--- Extracted entries ---
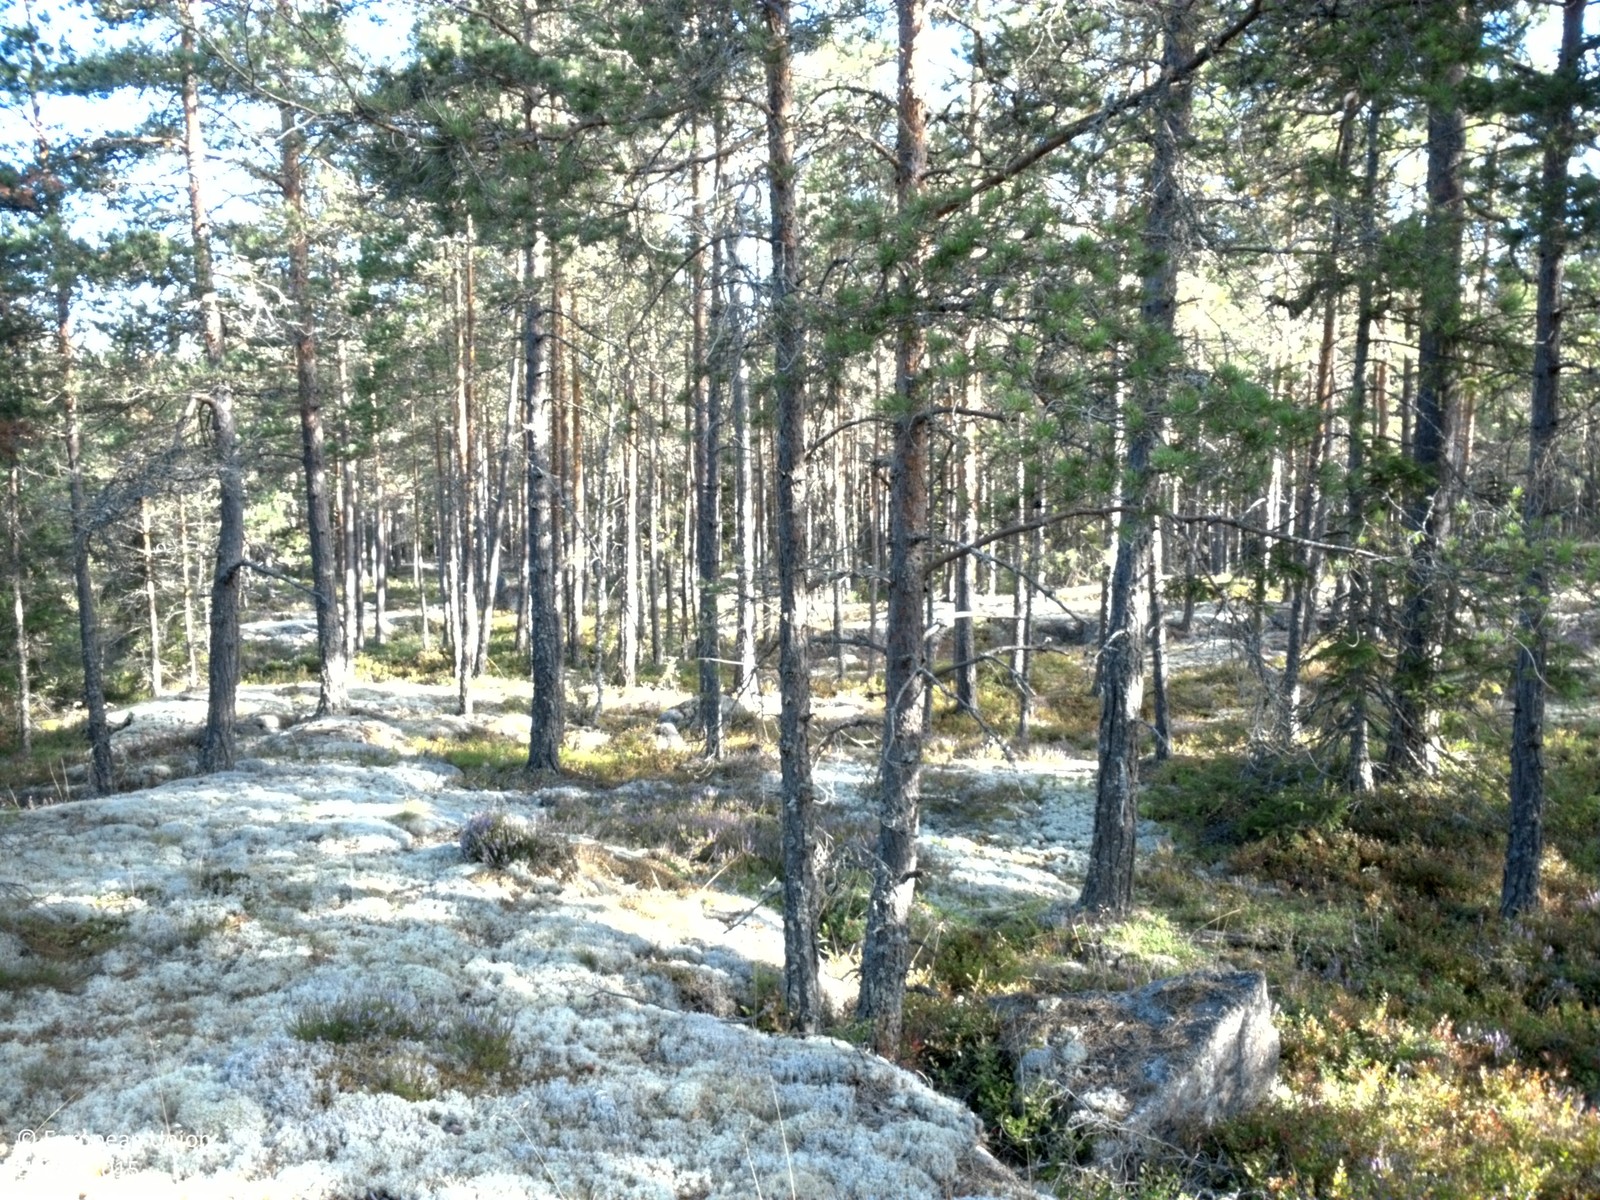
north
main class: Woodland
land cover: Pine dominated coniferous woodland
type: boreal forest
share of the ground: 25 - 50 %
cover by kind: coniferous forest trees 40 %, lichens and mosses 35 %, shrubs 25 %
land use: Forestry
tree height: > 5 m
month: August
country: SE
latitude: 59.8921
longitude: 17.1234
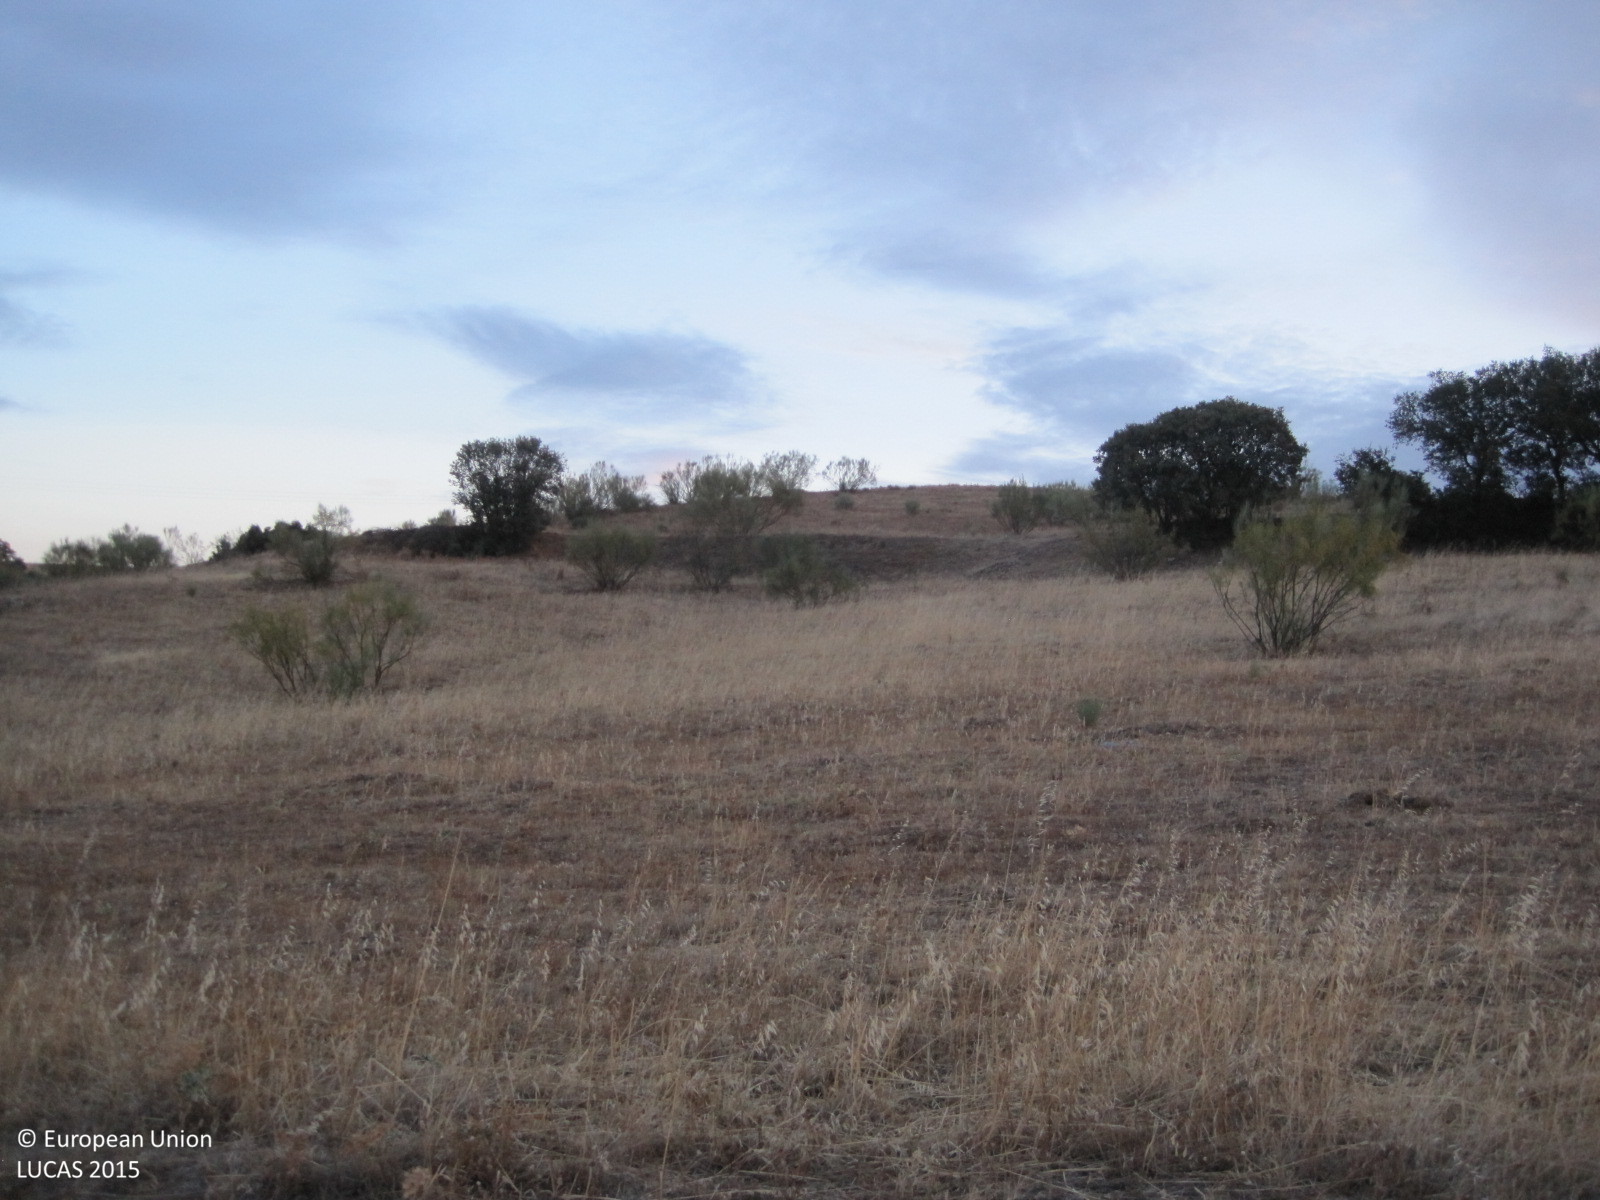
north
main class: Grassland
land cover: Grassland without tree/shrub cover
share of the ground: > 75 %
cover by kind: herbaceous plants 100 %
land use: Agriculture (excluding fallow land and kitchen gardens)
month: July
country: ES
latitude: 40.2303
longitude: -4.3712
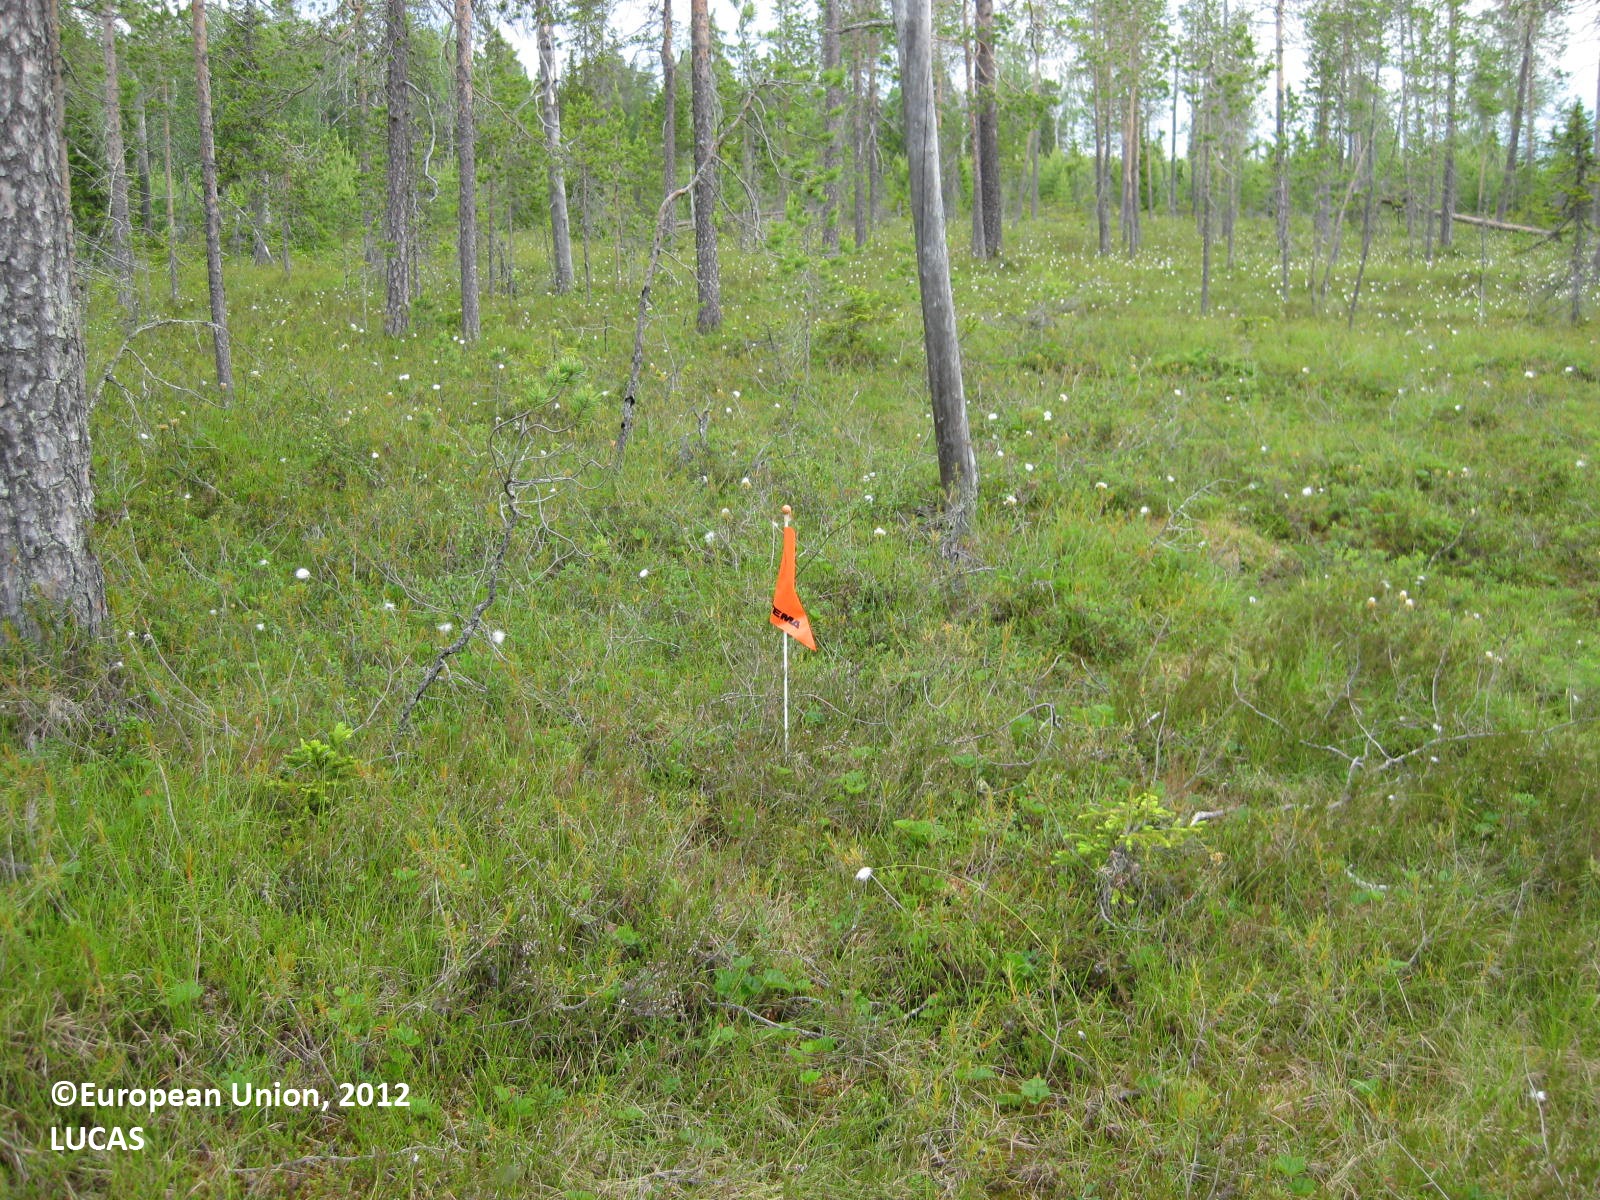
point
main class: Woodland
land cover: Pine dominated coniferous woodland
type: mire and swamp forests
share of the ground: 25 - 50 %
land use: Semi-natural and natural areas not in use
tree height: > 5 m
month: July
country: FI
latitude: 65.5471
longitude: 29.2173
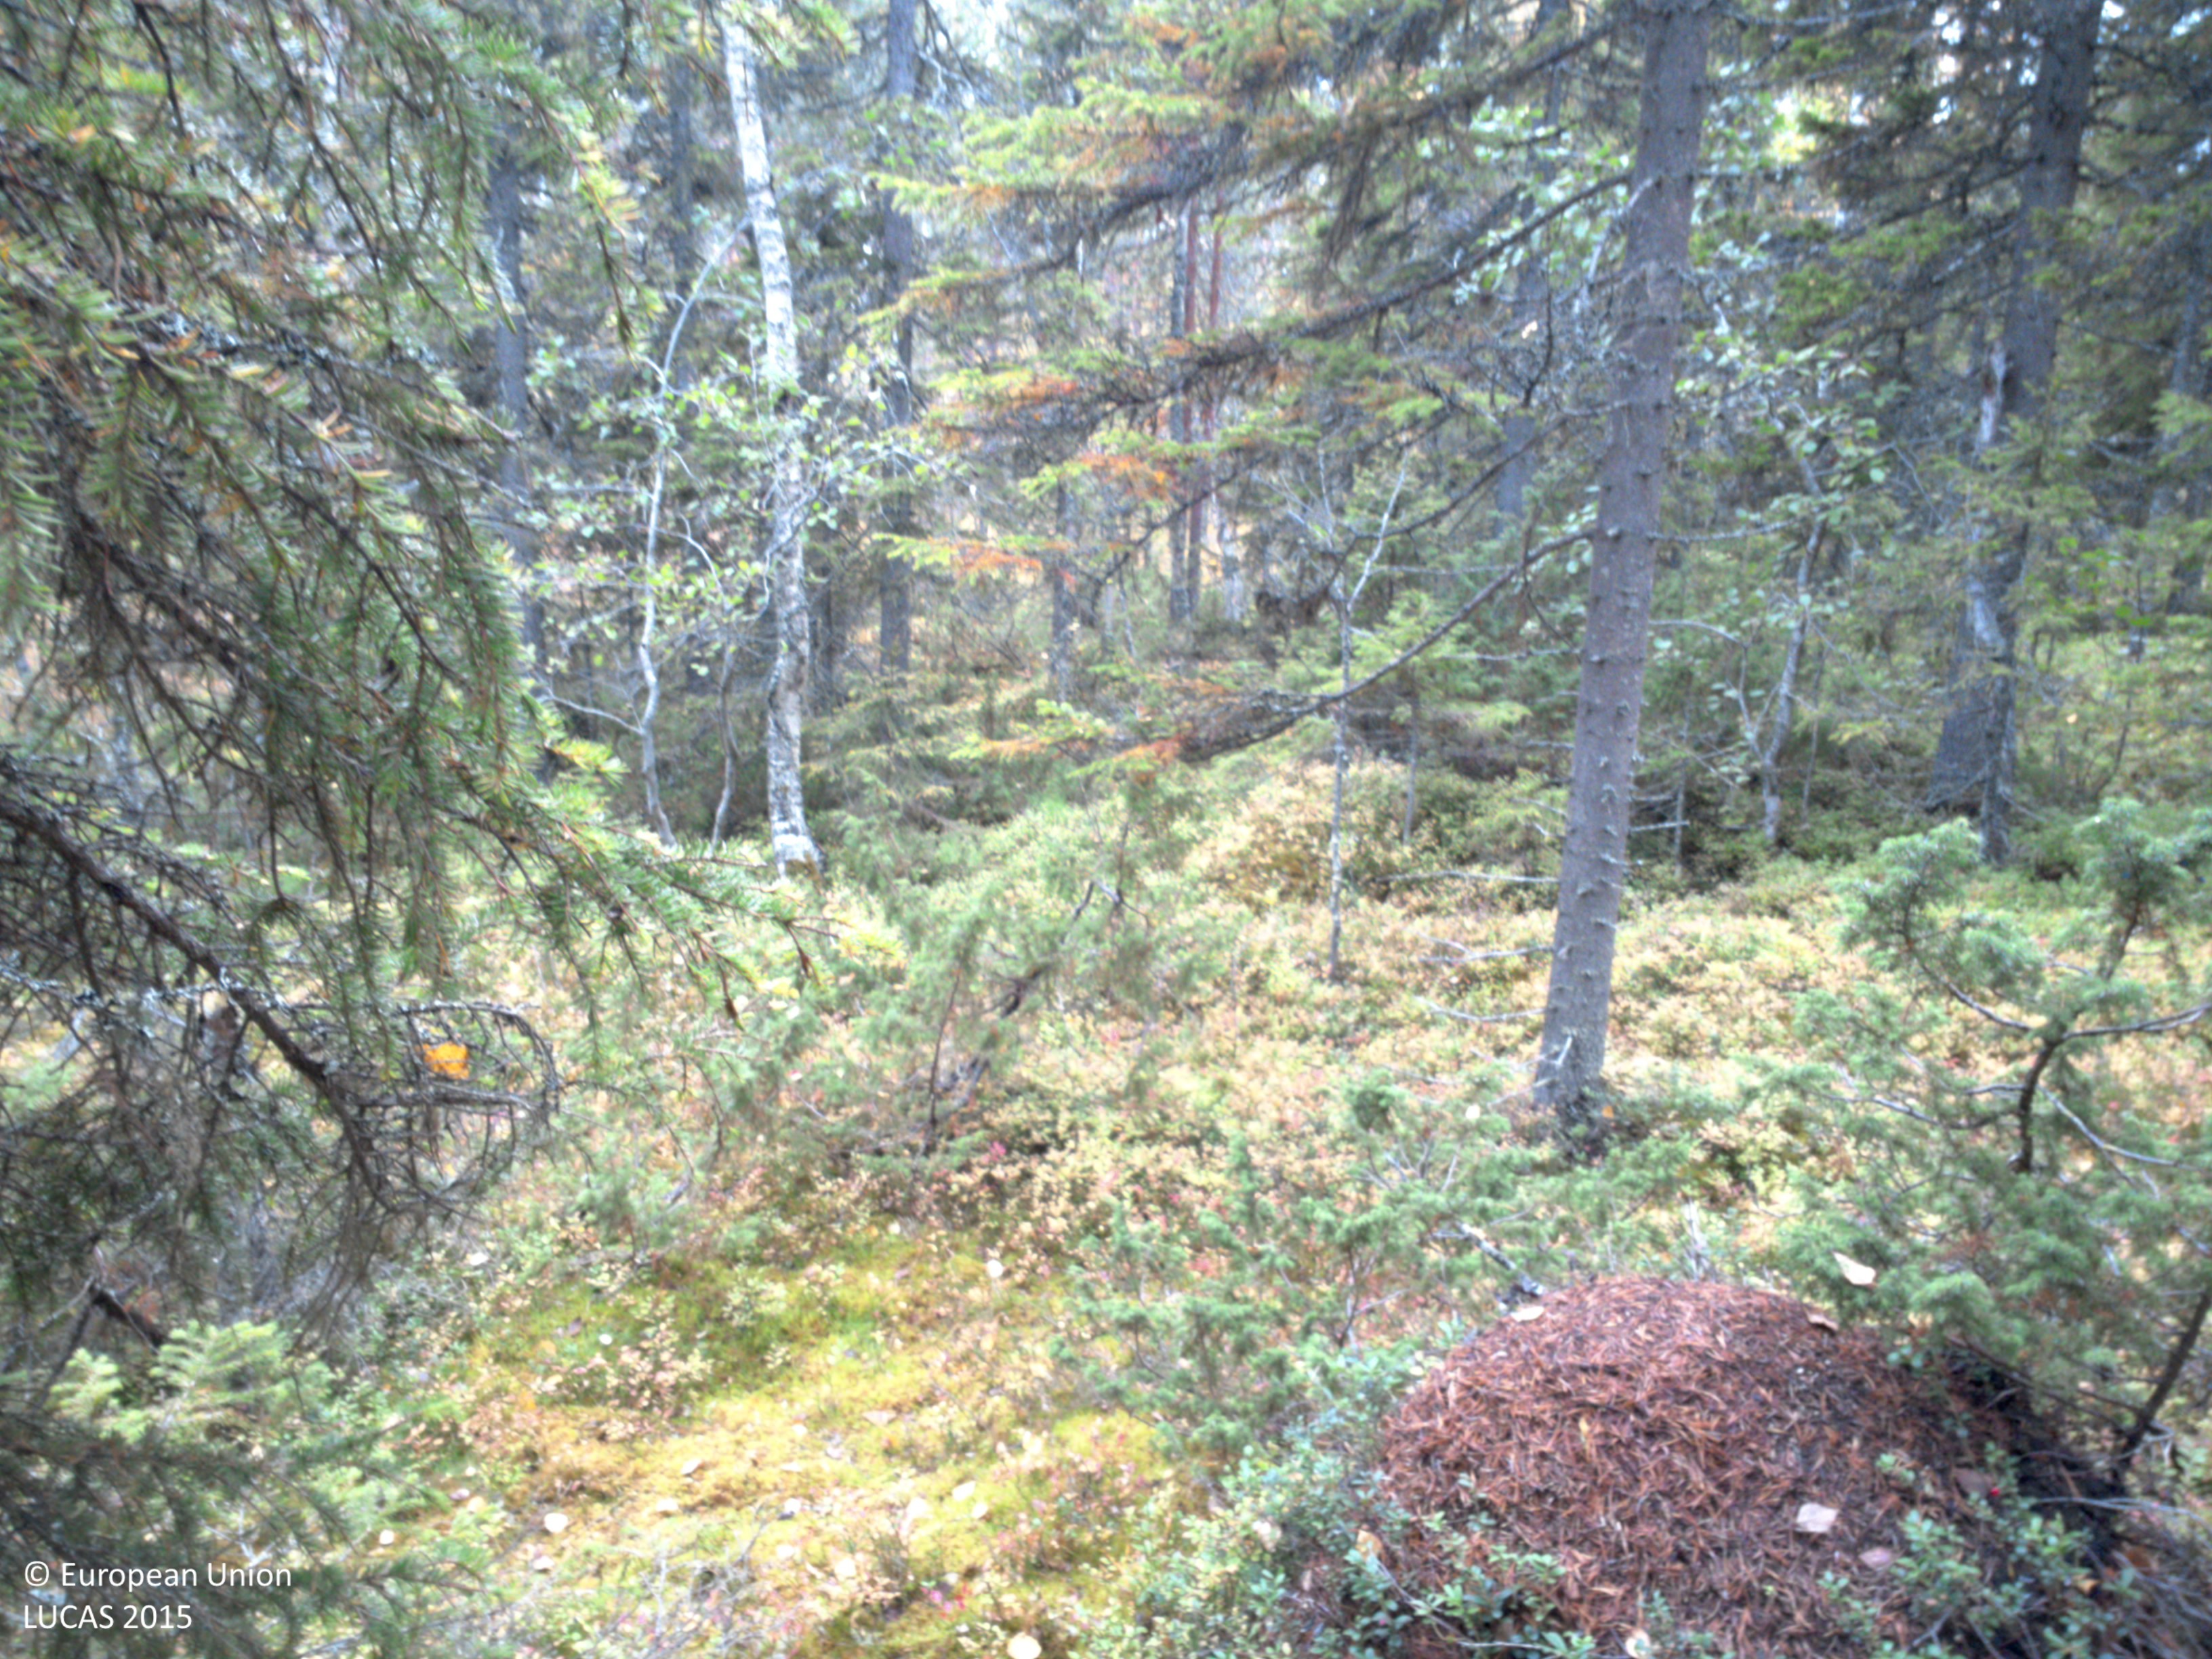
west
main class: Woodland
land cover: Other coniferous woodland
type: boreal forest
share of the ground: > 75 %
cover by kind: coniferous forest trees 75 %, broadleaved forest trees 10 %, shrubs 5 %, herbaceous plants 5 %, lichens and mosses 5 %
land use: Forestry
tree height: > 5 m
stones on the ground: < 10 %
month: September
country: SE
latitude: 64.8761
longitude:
---
- Work to be completed
An exact copy of all the entries is required, and it must contain no pictures.

- Written response
north
main class: Woodland
land cover: Pine dominated coniferous woodland
type: boreal forest
share of the ground: 25 - 50 %
cover by kind: coniferous forest trees 40 %, lichens and mosses 35 %, shrubs 25 %
land use: Forestry
tree height: > 5 m
month: August
country: SE
latitude: 59.8921
longitude: 17.1234
north
main class: Grassland
land cover: Grassland without tree/shrub cover
share of the ground: > 75 %
cover by kind: herbaceous plants 100 %
land use: Agriculture (excluding fallow land and kitchen gardens)
month: July
country: ES
latitude: 40.2303
longitude: -4.3712
point
main class: Woodland
land cover: Pine dominated coniferous woodland
type: mire and swamp forests
share of the ground: 25 - 50 %
land use: Semi-natural and natural areas not in use
tree height: > 5 m
month: July
country: FI
latitude: 65.5471
longitude: 29.2173
west
main class: Woodland
land cover: Other coniferous woodland
type: boreal forest
share of the ground: > 75 %
cover by kind: coniferous forest trees 75 %, broadleaved forest trees 10 %, shrubs 5 %, herbaceous plants 5 %, lichens and mosses 5 %
land use: Forestry
tree height: > 5 m
stones on the ground: < 10 %
month: September
country: SE
latitude: 64.8761
longitude:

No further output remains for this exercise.